Every year in Washington, about 100,000 claims are filed for medical costs and lost wages due to work-related injuries, illnesses and deaths. Each year, L&I must review premium rates and make adjustments to cover the anticipated costs of claims that occur in the next year.

Public hearings on the proposed rates will be held in:

  • Tukwila, Oct. 23, 10 a.m., L&I office.
  • Bellingham, Oct. 23, 1 p.m., Public Library Lecture Room.
  • Spokane, Oct. 24, 10 a.m., CenterPlace Event Center.
  • Richland, Oct. 25, 10 a.m., Community Center Activity Room.
  • Tumwater, Oct. 26, 10 a.m., L&I Auditorium.
  • Vancouver, Oct. 29, 10 a.m., Red Lion at the Quay, Quayside Portside Room.

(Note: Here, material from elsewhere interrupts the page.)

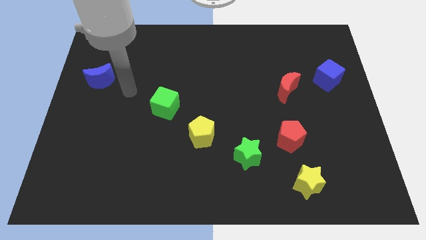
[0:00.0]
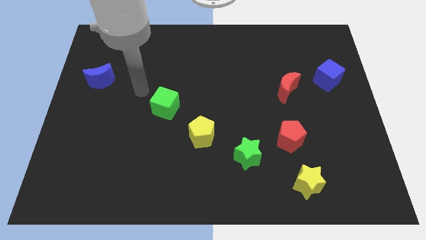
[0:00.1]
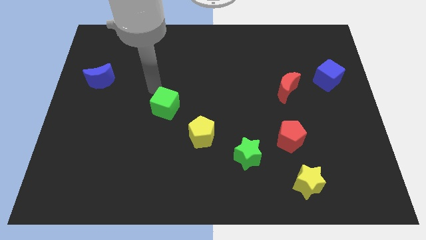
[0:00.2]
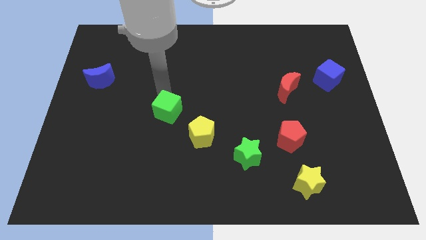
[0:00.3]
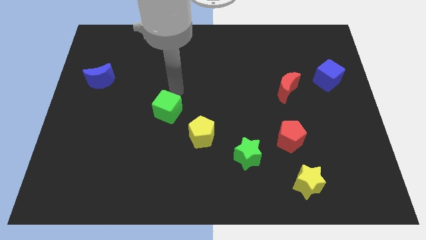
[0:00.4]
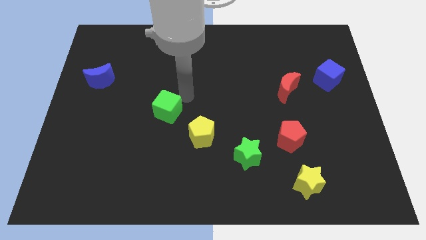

More information regarding the rate proposal is available at www.Rates.Lni.wa.gov. The final rates will be adopted in early December and go into effect Jan. 1, 2013.

 

“Evidence-based coverage decisions have reduced unnecessary care and avoided $27 million in annual costs.”  (Emphasis added.)

 

Translation: Denying requested treatment costs the State less than authorizing it. – Ed.

 

Background Information:

  • On average, workers’ comp rates have increased less than 3 percent per year since 2006. This is lower than L&I’s anticipated rate of medical and wage inflation.
  • When calculated as a percentage of payroll, which is how rates are calculated in other states, the proposed 2013 overall rates would be equal to a 2.2 percent reduction.
  • Without savings from the reforms, the 2013 break-even rate would have been about 4 percent instead of minus 4.2 percent. The break-even rate is the amount needed to cover projected costs for the next year. L&I will use the difference between the break-even rate and zero – $82 million – to begin restoring the workers’ comp reserves.
  • The elements of the 2011 workers’ compensation reforms have various effective dates, beginning in 2011 and continuing through 2013. Savings estimates are now at $1.5 billion over four years, with continued savings in future years.
  • As a result of Lean and other initiatives, we are seeing a downward trend in the duration of younger claims.
  • L&I has held medical cost growth below 4 percent over the past five quarters and estimates doing so in 2013 with the new provider network and health technology assessments. Our medical costs are 26 percent less than the average workers’ comp program in the U.S.
  • Evidence-based coverage decisions have reduced unnecessary care and avoided $27 million in annual costs.
  • In 2011, the number of long-term disability claims per 100 workers fell by 6.2 percent, the largest decline since 1995. Long-term disabilities account for 85 percent of workers’ comp claim costs.
  • When hiring picks up in construction and other high-risk industries, we can expect an increase in long-term disability injuries. That’s why it’s important to examine safety practices now and be ready to bring more people back to work safely.
  • Workers’ comp insurance rates are based on the likelihood of an injury. Rates for almost half of the job classifications will change 1 percent or less next year.